JOETUSA,                                                   )   Docket No.: 2015-07-0259
                  Employee,                                )
v.                                                         )
VOLKSWAGEN GROUP OF                                        )   State File Number: 34226-2015
AMERICA,                                                   )
                                                           )
                  Employer,                                )   Judge Thomas Wyatt
And                                                        )
XL SPECIALITY INSURANCE CO.,                               )
         Carrier.                                          )

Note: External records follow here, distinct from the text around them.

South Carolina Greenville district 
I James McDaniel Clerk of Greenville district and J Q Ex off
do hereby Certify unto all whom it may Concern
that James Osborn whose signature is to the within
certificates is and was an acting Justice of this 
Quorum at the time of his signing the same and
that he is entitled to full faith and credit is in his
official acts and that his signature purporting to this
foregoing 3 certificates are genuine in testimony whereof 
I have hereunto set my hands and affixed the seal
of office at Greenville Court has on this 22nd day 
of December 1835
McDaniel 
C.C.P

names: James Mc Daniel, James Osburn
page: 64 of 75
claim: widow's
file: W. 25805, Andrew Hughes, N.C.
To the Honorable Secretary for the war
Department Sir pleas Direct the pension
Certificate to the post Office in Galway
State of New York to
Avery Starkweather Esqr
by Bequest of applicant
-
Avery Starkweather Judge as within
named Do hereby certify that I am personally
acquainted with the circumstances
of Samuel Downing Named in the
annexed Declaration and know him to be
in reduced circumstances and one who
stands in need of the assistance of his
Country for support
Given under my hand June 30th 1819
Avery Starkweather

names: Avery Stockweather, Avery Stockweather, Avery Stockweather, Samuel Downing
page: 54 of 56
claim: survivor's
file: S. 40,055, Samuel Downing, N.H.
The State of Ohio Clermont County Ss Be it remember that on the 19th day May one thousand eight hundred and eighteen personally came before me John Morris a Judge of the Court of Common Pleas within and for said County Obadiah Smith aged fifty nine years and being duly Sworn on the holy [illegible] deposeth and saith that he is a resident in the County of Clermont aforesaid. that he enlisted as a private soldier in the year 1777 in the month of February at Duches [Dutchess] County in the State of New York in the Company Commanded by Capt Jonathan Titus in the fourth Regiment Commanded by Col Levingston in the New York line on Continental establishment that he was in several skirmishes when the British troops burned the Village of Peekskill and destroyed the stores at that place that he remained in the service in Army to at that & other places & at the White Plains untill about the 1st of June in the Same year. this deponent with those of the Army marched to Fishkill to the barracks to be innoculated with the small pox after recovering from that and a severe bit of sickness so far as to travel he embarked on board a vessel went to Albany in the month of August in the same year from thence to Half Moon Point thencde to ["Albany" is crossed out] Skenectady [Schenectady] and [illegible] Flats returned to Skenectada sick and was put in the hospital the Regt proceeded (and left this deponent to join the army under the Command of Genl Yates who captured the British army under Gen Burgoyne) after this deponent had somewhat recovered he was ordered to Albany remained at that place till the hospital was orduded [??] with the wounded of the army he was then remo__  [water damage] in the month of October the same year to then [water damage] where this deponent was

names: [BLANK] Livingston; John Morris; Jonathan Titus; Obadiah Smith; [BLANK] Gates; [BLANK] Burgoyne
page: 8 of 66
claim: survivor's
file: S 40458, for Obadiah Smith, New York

     EXPEDITED HEARING ORDER DENYING MEDICAL AND TEMPORARY
           DISABILITY BENEFITS (REVIEW OF THE FILE ONLY)


        This matter came before the undersigned Workers' Compensation Judge on
November 17, 2016, upon the Request for Expedited Hearing filed by Joe Tusa pursuant
to Tennessee Code Annotated section 50-6-239 (2015). Mr. Tusa requested a review of
the file without an evidentiary hearing, 1 seeking medical and temporary disability
benefits for an alleged work injury caused by repetitive duties he performed in
Volkswagen's paint shop. The focal issue at this stage of the claim is whether the
submitted evidence establishes that Mr. Tusa's injury is compensable under statutory
definitions, which Volkswagen denies. For the following reasons, the Court determines
Mr. Tusa is not, at this time, entitled to the requested interlocutory relief. 2



1
 In determining the appropriateness of deciding this claim on the record, the Court noted Volkswagen did not ask
for an evidentiary hearing. The Court reviewed the submitted evidence and determined it did not need additional
evidence to make a decision. Also, the Court reviewed all evidence submitted into the record because neither party
objected to the evidence submitted.
2
 A complete listing of the technical record and the exhibits admitted into evidence is attached as an appendix to this
Order.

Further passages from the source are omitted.